Мы, наконец, присели, но на скамейку, и я, по его просьбе, вырвал из своего единственного блокнота с адресами целую страницу. Святые люди ходят по миру ни с чем. Им все дает Бог. Грешными молитвами и руками.
– Так как говорят русские на вино или, гы-гы, водку?
– За баб! – сказал я, потому что как раз о них думал. Это выдавливало чувство голода.
– Забаб? – с интересом повторил священник. – Совсем просто. И я почувствовал себя Учителем.
– А как сказать «приятного аппетита?»
Это был уже перебор. Мало того, что час кормил проповедями, но еще и дай.
Если поднять глаза к небу, то думается легко, прозрачно. Словно записываешь за кем-то, оттуда.
– Вы должны сказать «жри, собака…».
– Как? – священник аккуратно записывал латиницей: – Zjri, so-ba-ka… Не сомневаюсь, что они обрадуются, услышав родную речь.
Я вывалил ему весомый набор армейского народного сленга, непоскупившись на еще один листок из блокнота. Впереди у священника, словно светлая будущность, маячили две недели, чтобы вызубрить все нужные ему слова и фразы. Было очевидно, что он справится.
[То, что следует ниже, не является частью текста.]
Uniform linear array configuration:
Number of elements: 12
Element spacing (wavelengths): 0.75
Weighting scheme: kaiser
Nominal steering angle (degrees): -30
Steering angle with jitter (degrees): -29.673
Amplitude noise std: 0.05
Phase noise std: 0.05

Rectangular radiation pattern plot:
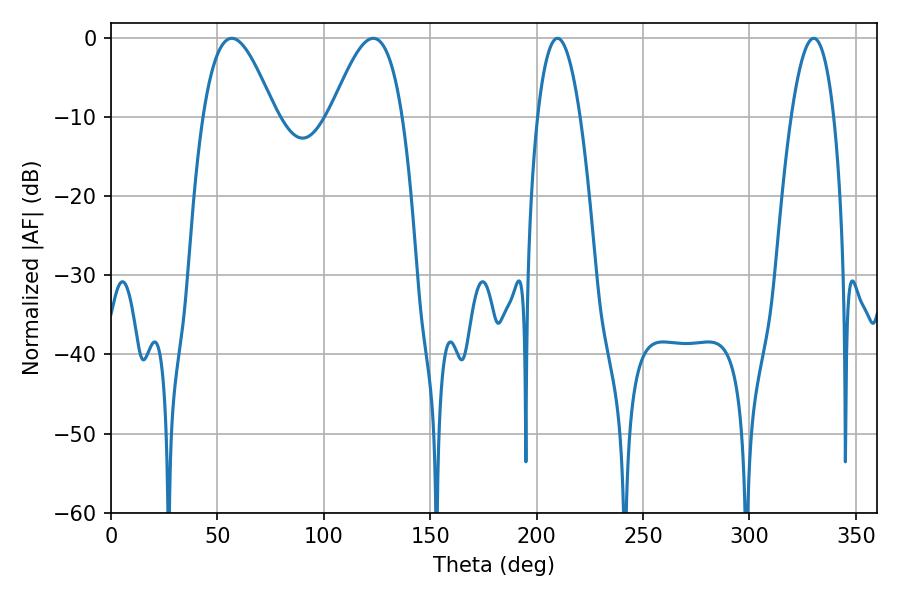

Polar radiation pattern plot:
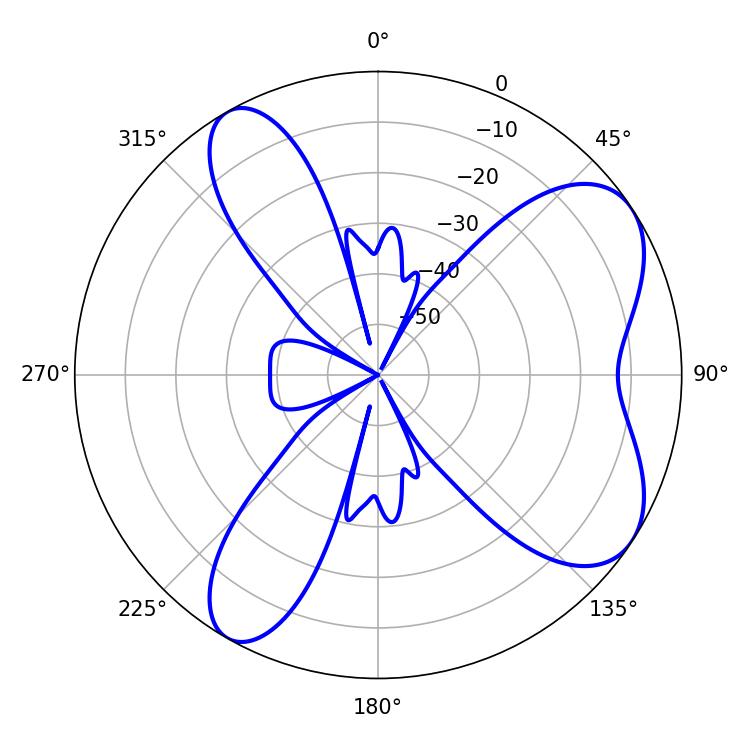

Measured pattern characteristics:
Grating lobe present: TRUE
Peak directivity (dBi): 6.988
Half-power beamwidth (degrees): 18.18
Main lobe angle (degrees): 56.7
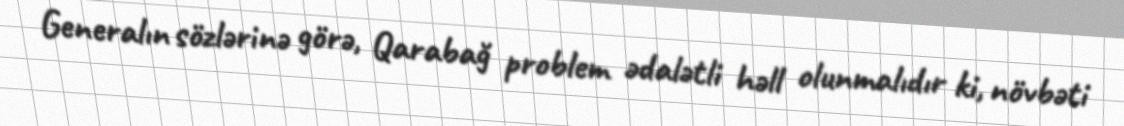
Generalın sözlərinə görə, Qarabağ problem ədalətli həll olunmalıdır ki, növbəti
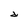
Character: d
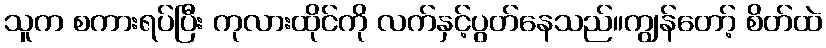
သူက စကားရပ်ပြီး ကုလားထိုင်ကို လက်နှင့်ပွတ်နေသည်။ကျွန်တော့် စိတ်ထဲ
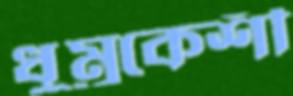
ধুম্রকেশী
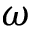
\omega
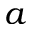
a
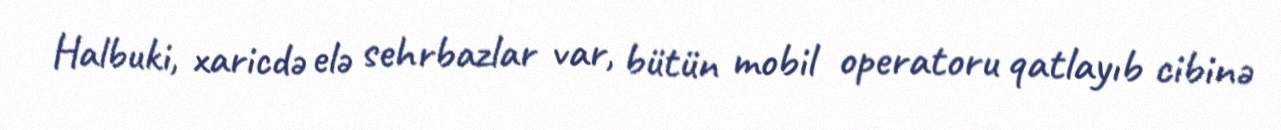
Halbuki, xaricdə elə sehrbazlar var, bütün mobil operatoru qatlayıb cibinə
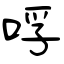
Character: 哹
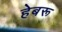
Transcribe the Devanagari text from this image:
हेबरू
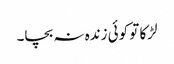
لڑکا تو کوئی زندہ نہ بچا۔
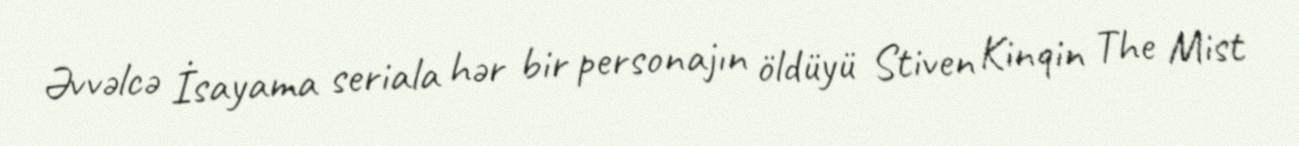
Əvvəlcə İsayama seriala hər bir personajın öldüyü Stiven Kinqin The Mist
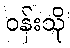
ဝန်းသို
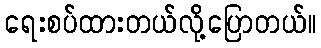
ရေးစပ်ထားတယ်လို့ပြောတယ်။
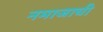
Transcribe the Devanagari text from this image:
नमाजाची
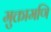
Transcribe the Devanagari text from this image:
मुक्तामणि
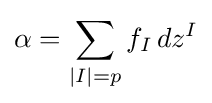
\alpha =\sum _{|I|=p}f_{I}\,dz^{I}
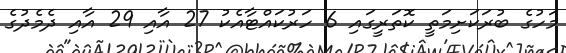
މަހުގެ ބުރަކަށިމަތީ ކޮތަރީގައި 6 ހަރުކައްޓާއެކު 27 އާއި 29 އާއި ދެމެދުގެ
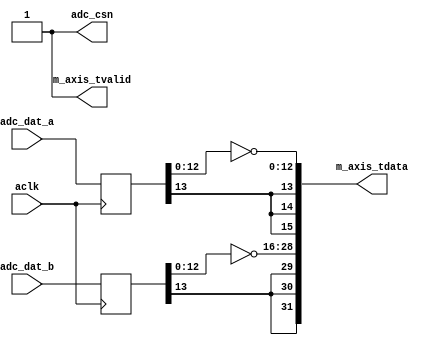
module axis_red_pitaya_adc_1 #
(
  parameter integer ADC_DATA_WIDTH = 14,
  parameter integer AXIS_TDATA_WIDTH = 32
)
(
  input  wire                        aclk,
  output wire                        adc_csn,
  input  wire [ADC_DATA_WIDTH-1:0]   adc_dat_a,
  input  wire [ADC_DATA_WIDTH-1:0]   adc_dat_b,
  output wire                        m_axis_tvalid,
  output wire [AXIS_TDATA_WIDTH-1:0] m_axis_tdata
);
  localparam PADDING_WIDTH = AXIS_TDATA_WIDTH/2 - ADC_DATA_WIDTH;
  reg  [ADC_DATA_WIDTH-1:0] int_dat_a_reg;
  reg  [ADC_DATA_WIDTH-1:0] int_dat_b_reg;
  always @(posedge aclk)
  begin
    int_dat_a_reg <= adc_dat_a;
    int_dat_b_reg <= adc_dat_b;
  end
  assign adc_csn = 1'b1;
  assign m_axis_tvalid = 1'b1;
  assign m_axis_tdata = {
    {(PADDING_WIDTH+1){int_dat_b_reg[ADC_DATA_WIDTH-1]}}, ~int_dat_b_reg[ADC_DATA_WIDTH-2:0],
    {(PADDING_WIDTH+1){int_dat_a_reg[ADC_DATA_WIDTH-1]}}, ~int_dat_a_reg[ADC_DATA_WIDTH-2:0]};
endmodule
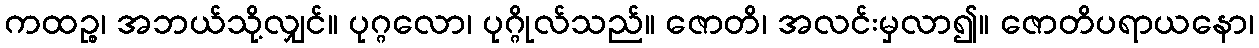
ကထဉ္စ၊ အဘယ်သို့လျှင်။ ပုဂ္ဂလော၊ ပုဂ္ဂိုလ်သည်။ ဇောတိ၊ အလင်းမှလာ၍။ ဇောတိပရာယနော၊
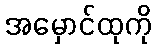
အမှောင်ထုကို
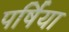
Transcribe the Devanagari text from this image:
पर्षिया
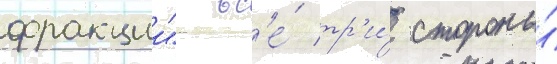
фракции" вс'е́ тр'и́ стороны́
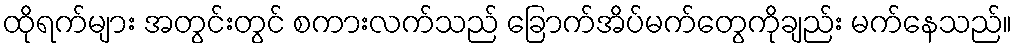
ထိုရက်များ အတွင်းတွင် စကားလက်သည် ခြောက်အိပ်မက်တွေကိုချည်း မက်နေသည်။
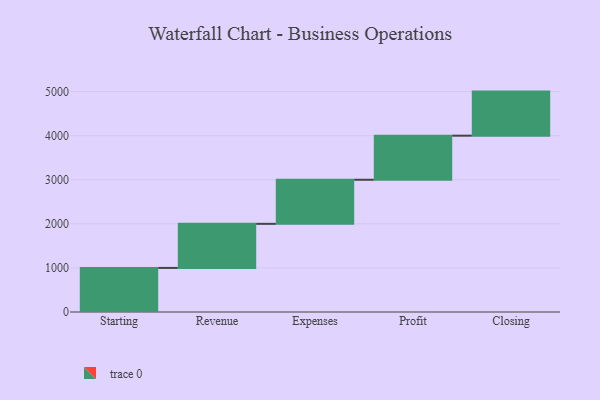
{"axis": {"x": "Step", "y": "Value"}, "legend": [""], "data": [{"x": "Starting", "y": 1000, "type": ""}, {"x": "Revenue", "y": 1000, "type": ""}, {"x": "Expenses", "y": 1000, "type": ""}, {"x": "Profit", "y": 1000, "type": ""}, {"x": "Closing", "y": 1000, "type": ""}]}
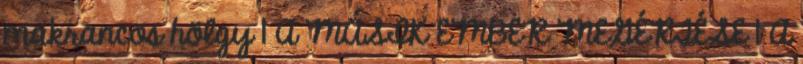
makrancos hölgy 1 A MÁSIK EMBER MEGÉRTÉSE 1 A

– Сын мой, – растрогался священник, прощаясь. – Я подарю тебе самое ценное. То, что тебе особенно пригодится в новой жизни и необходимо уже сейчас.
«Неужели лир подкинет?» – чувствуя, что порю чушь, подумал я. Иногда так хочется верить в чудо или во что-то хорошее. Светлое. Правда, при этом почему-то ощущаешь себя глупцом, а затем – и становишься.
– Вот вам, – он радостно, как высшую награду, протянул мне, вытащив из складок сутаны, издание Библии, почти карманного формата, на итальянском. – И да поможет вам Бог!
– Спасибо, падре, – проникновенно, ни в одном глазу, ответил я, ощущая, как под ложечкой, примитивно причмокивая, уже вовсю сосет голодуха. – До свидания. Арриведерче…
Священник долго смотрел мне вслед, видимо, медитируя на добро. Затем встрепенулся, заглянул в листок с записями и, сияя, прокричал на всю его и Отца, и Сына, и Святого Духа римскую улицу:
– Сдохни, паскуда.
Что в моем переводе означало «счастливого пути, дорогой друг».
ЛИБЕРТИ
(США, 1985)– Я что, дурак, книжки читать? – натянутое на череп лицо Володи приобрело едва заметный розовый оттенок.
На самом деле оно переливалось землисто-серым, как пожухлое сено. Но не от возраста – ему не было и сорока. Такое лицо бывает у мужчин либо переживающих длительный сильный стресс, либо у хронических алкоголиков. И еще у новых эмигрантов, чья энергичность, обуянная радостью непривычных картинок, детского узнавания незнакомого мира и, как им кажется, новой жизни, перерастает в длительную истерию самоутверждения. До гроба.
Но в начале эмиграции, в среднем через полгода, один, быстро сдав, вскоре надолго ложиться на диван, лицом к стене. Другой начинает дергаться во все стороны по принципу «не знаю что, а вдруг получится». Третий отчаянно вступает в партнерства, затевает бизнесы и держит фасон, переучиваясь и набивая шишки.
Движение – все, конечная цель – ничто.
В любом случае самое главное при любом раскладе убеждать себя, что там, откуда ты уехал, очень плохо и будет хуже. Цунами, фашизм, революция. Несусветная бюрократия, бесправие, мафиозное государство с узаконенным открытым рэкетом налоговых служб и удавками полицейского видимого и невидимого контроля. Все, что угодно, но там, откуда ты уехал, должно быть плохо. Иначе какого черта ты терпишь здесь?
– Я что, дурак, книжки читать? – Володя считал себя обязанным полностью обеспечивать семью, не жалея ни себя, ни сил, ни времени.